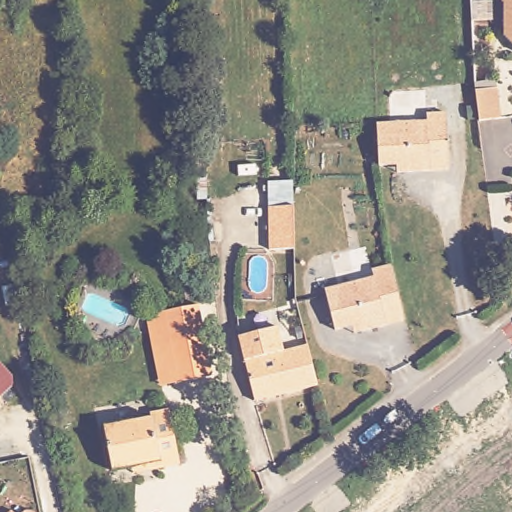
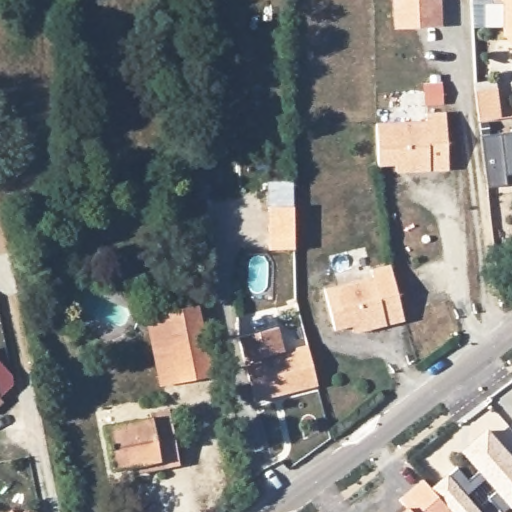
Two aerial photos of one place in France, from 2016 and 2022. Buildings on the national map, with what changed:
new [(394,30),(393,0),(441,0),(443,27),(394,30)]
unchanged [(502,9),(493,0),(512,0),(512,52),(502,41),(502,9)]
unchanged [(491,89),(491,121),(469,121),(469,89),(491,89)]
unchanged [(392,169),(375,169),(374,124),(426,124),(426,116),(445,117),(446,177),(404,177),(392,177),(392,169)]
unchanged [(273,238),(272,194),(297,194),(297,237),(273,238)]
unchanged [(352,328),(335,332),(326,290),(376,279),(374,272),(394,267),(406,324),(365,333),(353,335),(352,328)]
unchanged [(201,304),(213,379),(179,385),(167,310),(201,304)]
unchanged [(158,389),(146,314),(167,310),(179,385),(158,389)]
unchanged [(245,363),(239,335),(279,327),(284,353),(245,363)]
unchanged [(284,353),(307,348),(317,392),(255,406),(245,363),(284,353)]
unchanged [(5,407),(0,411),(0,399),(5,407)]
unchanged [(150,419),(149,414),(169,411),(179,466),(161,470),(160,467),(142,470),(141,466),(111,472),(102,429),(150,419)]
new [(480,470),(463,452),(471,445),(487,431),(512,460),(512,504),(503,512),(500,512),(488,499),(498,490),(486,477),(464,497),(478,512),(451,512),(432,490),(457,468),(468,481),(480,470)]
new [(406,508),(398,501),(423,479),(432,490),(451,512),(402,512),(406,508)]

_____

# [What is required]
The string "unchanged" appears on how many lines of the records? State the number alone.

# [Solution for this task]
11